Records for the exercise
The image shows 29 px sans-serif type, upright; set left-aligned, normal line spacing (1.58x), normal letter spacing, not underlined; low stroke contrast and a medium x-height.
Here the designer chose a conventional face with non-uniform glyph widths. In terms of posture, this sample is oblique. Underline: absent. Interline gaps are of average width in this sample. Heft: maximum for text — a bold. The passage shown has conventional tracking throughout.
==
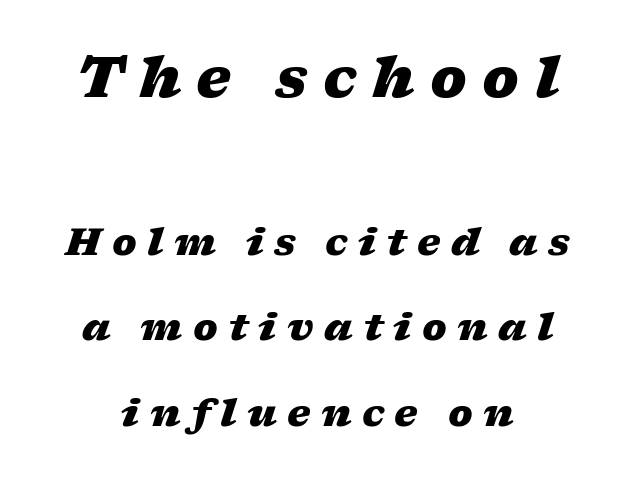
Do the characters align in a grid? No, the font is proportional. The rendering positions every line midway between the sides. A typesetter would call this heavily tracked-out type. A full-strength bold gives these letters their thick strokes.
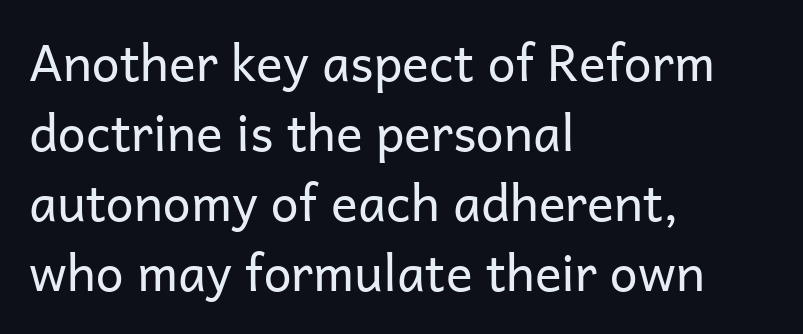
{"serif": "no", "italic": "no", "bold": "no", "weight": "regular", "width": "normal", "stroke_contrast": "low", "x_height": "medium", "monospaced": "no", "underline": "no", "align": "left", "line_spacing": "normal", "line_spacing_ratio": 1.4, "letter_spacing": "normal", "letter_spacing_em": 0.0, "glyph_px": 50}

Exercise directions
Quote the listing above, but only from the line that shows "The image shows" through the line that shows "Here the designer".

Your response
The image shows 29 px sans-serif type, upright; set left-aligned, normal line spacing (1.58x), normal letter spacing, not underlined; low stroke contrast and a medium x-height.
Here the designer chose a conventional face with non-uniform glyph widths. In terms of posture, this sample is oblique. Underline: absent. Interline gaps are of average width in this sample. Heft: maximum for text — a bold. The passage shown has conventional tracking throughout.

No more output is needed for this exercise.